> _Exercise_:
Each record must be returned exactly, apart from the pictures, which stay out.

> _Dataset extract_:
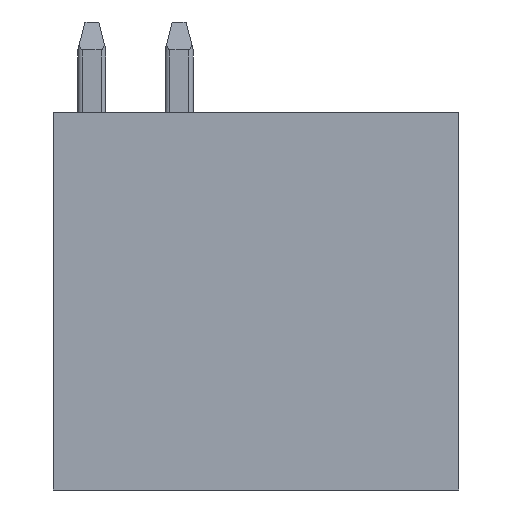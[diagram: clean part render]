
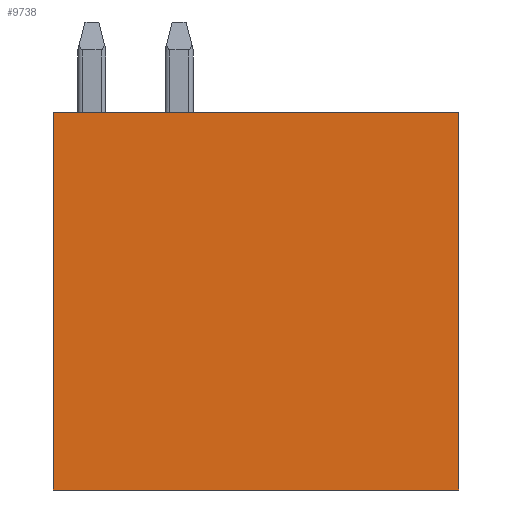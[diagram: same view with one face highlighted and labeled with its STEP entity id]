
A CAD part, front view. The second image highlights one B-rep face of the part: STEP entity #9738.
In plain terms, the highlighted planar face has unit normal (0, -1, 0).
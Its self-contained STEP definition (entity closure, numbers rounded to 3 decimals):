
#2263=DIRECTION('',(0.,0.,1.));
#2264=VECTOR('',#2263,10.8);
#2265=CARTESIAN_POINT('',(-5.49,-18.3,-6.62));
#2266=LINE('',#2265,#2264);
#2267=DIRECTION('',(1.,0.,0.));
#2268=VECTOR('',#2267,11.6);
#2269=CARTESIAN_POINT('',(-5.49,-18.3,4.18));
#2270=LINE('',#2269,#2268);
#2271=DIRECTION('',(0.,0.,-1.));
#2272=VECTOR('',#2271,10.8);
#2273=CARTESIAN_POINT('',(6.11,-18.3,4.18));
#2274=LINE('',#2273,#2272);
#2275=DIRECTION('',(-1.,0.,0.));
#2276=VECTOR('',#2275,11.6);
#2277=CARTESIAN_POINT('',(6.11,-18.3,-6.62));
#2278=LINE('',#2277,#2276);
#5929=CARTESIAN_POINT('',(-5.49,-18.3,-6.62));
#5930=CARTESIAN_POINT('',(-5.49,-18.3,4.18));
#5931=VERTEX_POINT('',#5929);
#5932=VERTEX_POINT('',#5930);
#5933=CARTESIAN_POINT('',(6.11,-18.3,4.18));
#5934=VERTEX_POINT('',#5933);
#5935=CARTESIAN_POINT('',(6.11,-18.3,-6.62));
#5936=VERTEX_POINT('',#5935);
#9727=CARTESIAN_POINT('',(0.,-18.3,0.));
#9728=DIRECTION('',(0.,1.,0.));
#9729=DIRECTION('',(1.,0.,0.));
#9730=AXIS2_PLACEMENT_3D('',#9727,#9728,#9729);
#9731=PLANE('',#9730);
#9732=ORIENTED_EDGE('',*,*,#7369,.T.);
#9733=ORIENTED_EDGE('',*,*,#7508,.T.);
#9734=ORIENTED_EDGE('',*,*,#7565,.T.);
#9735=ORIENTED_EDGE('',*,*,#9721,.T.);
#9736=EDGE_LOOP('',(#9732,#9733,#9734,#9735));
#9737=FACE_OUTER_BOUND('',#9736,.F.);
#9738=ADVANCED_FACE('',(#9737),#9731,.F.);
#7369=EDGE_CURVE('',#5931,#5932,#2266,.T.);
#7508=EDGE_CURVE('',#5932,#5934,#2270,.T.);
#7565=EDGE_CURVE('',#5934,#5936,#2274,.T.);
#9721=EDGE_CURVE('',#5936,#5931,#2278,.T.);
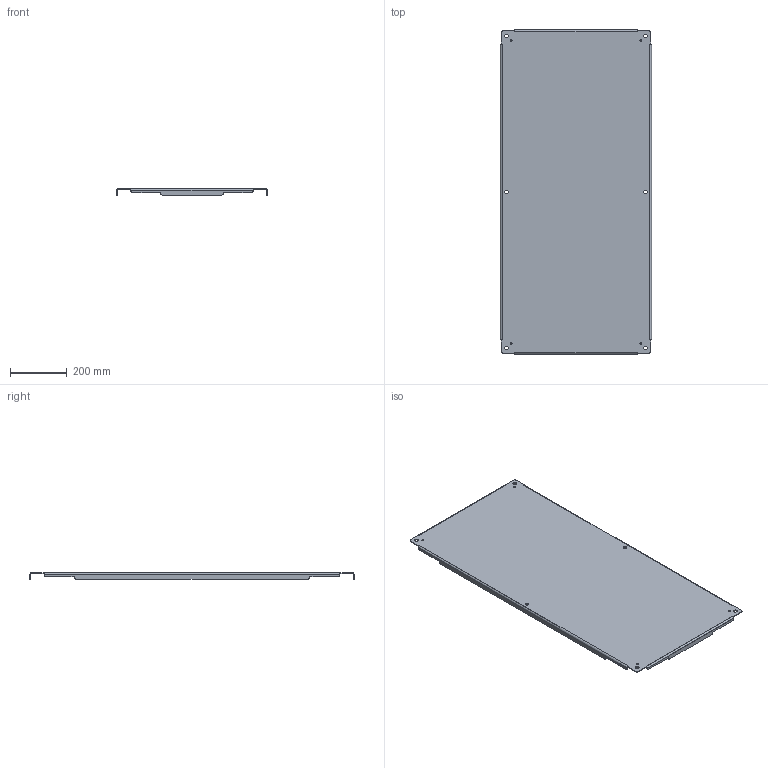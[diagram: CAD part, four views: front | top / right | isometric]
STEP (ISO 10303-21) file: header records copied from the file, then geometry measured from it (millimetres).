
FILE_DESCRIPTION (( 'STEP AP203' ), '1' );
FILE_NAME ('SCE-48P24SS.step', '2021-01-28T16:05:26', ( 'ADC123' ), ( 'Microsoft' ), 'SwSTEP 2.0', 'SolidWorks 2019', '' );
FILE_SCHEMA (( 'CONFIG_CONTROL_DESIGN' ));
Length unit declared in the file: inch
Products named in the file (1): SCE-48P24SS
Bounding box: 531.81 x 1141.41 x 21.69 mm (x, y, z)
Volume: 1711215.8 mm3; surface area: 1305519.4 mm2
Topology: 1 solids, 1 shells, 108 faces, 302 edges, 196 vertices
Faces by surface type: plane 46, cylinder 38, bspline 24
Full cylindrical faces by diameter (mm): 7.137 x4, 12.7 x6
Entity records: 4139 total; most frequent: CARTESIAN_POINT 1349, ORIENTED_EDGE 584, DIRECTION 506, EDGE_CURVE 292, VERTEX_POINT 196, LINE 184, VECTOR 184, AXIS2_PLACEMENT_3D 161

> _Response area_:
[diagram: clean part render]
[diagram: same view with one face highlighted and labeled with its STEP entity id]
A CAD part, front view. The second image highlights one B-rep face of the part: STEP entity #9738.
In plain terms, the highlighted planar face has unit normal (0, -1, 0).
Its self-contained STEP definition (entity closure, numbers rounded to 3 decimals):
#2263=DIRECTION('',(0.,0.,1.));
#2264=VECTOR('',#2263,10.8);
#2265=CARTESIAN_POINT('',(-5.49,-18.3,-6.62));
#2266=LINE('',#2265,#2264);
#2267=DIRECTION('',(1.,0.,0.));
#2268=VECTOR('',#2267,11.6);
#2269=CARTESIAN_POINT('',(-5.49,-18.3,4.18));
#2270=LINE('',#2269,#2268);
#2271=DIRECTION('',(0.,0.,-1.));
#2272=VECTOR('',#2271,10.8);
#2273=CARTESIAN_POINT('',(6.11,-18.3,4.18));
#2274=LINE('',#2273,#2272);
#2275=DIRECTION('',(-1.,0.,0.));
#2276=VECTOR('',#2275,11.6);
#2277=CARTESIAN_POINT('',(6.11,-18.3,-6.62));
#2278=LINE('',#2277,#2276);
#5929=CARTESIAN_POINT('',(-5.49,-18.3,-6.62));
#5930=CARTESIAN_POINT('',(-5.49,-18.3,4.18));
#5931=VERTEX_POINT('',#5929);
#5932=VERTEX_POINT('',#5930);
#5933=CARTESIAN_POINT('',(6.11,-18.3,4.18));
#5934=VERTEX_POINT('',#5933);
#5935=CARTESIAN_POINT('',(6.11,-18.3,-6.62));
#5936=VERTEX_POINT('',#5935);
#9727=CARTESIAN_POINT('',(0.,-18.3,0.));
#9728=DIRECTION('',(0.,1.,0.));
#9729=DIRECTION('',(1.,0.,0.));
#9730=AXIS2_PLACEMENT_3D('',#9727,#9728,#9729);
#9731=PLANE('',#9730);
#9732=ORIENTED_EDGE('',*,*,#7369,.T.);
#9733=ORIENTED_EDGE('',*,*,#7508,.T.);
#9734=ORIENTED_EDGE('',*,*,#7565,.T.);
#9735=ORIENTED_EDGE('',*,*,#9721,.T.);
#9736=EDGE_LOOP('',(#9732,#9733,#9734,#9735));
#9737=FACE_OUTER_BOUND('',#9736,.F.);
#9738=ADVANCED_FACE('',(#9737),#9731,.F.);
#7369=EDGE_CURVE('',#5931,#5932,#2266,.T.);
#7508=EDGE_CURVE('',#5932,#5934,#2270,.T.);
#7565=EDGE_CURVE('',#5934,#5936,#2274,.T.);
#9721=EDGE_CURVE('',#5936,#5931,#2278,.T.);
[diagram: CAD part, four views: front | top / right | isometric]
STEP (ISO 10303-21) file: header records copied from the file, then geometry measured from it (millimetres).
FILE_DESCRIPTION (( 'STEP AP203' ), '1' );
FILE_NAME ('SCE-48P24SS.step', '2021-01-28T16:05:26', ( 'ADC123' ), ( 'Microsoft' ), 'SwSTEP 2.0', 'SolidWorks 2019', '' );
FILE_SCHEMA (( 'CONFIG_CONTROL_DESIGN' ));
Length unit declared in the file: inch
Products named in the file (1): SCE-48P24SS
Bounding box: 531.81 x 1141.41 x 21.69 mm (x, y, z)
Volume: 1711215.8 mm3; surface area: 1305519.4 mm2
Topology: 1 solids, 1 shells, 108 faces, 302 edges, 196 vertices
Faces by surface type: plane 46, cylinder 38, bspline 24
Full cylindrical faces by diameter (mm): 7.137 x4, 12.7 x6
Entity records: 4139 total; most frequent: CARTESIAN_POINT 1349, ORIENTED_EDGE 584, DIRECTION 506, EDGE_CURVE 292, VERTEX_POINT 196, LINE 184, VECTOR 184, AXIS2_PLACEMENT_3D 161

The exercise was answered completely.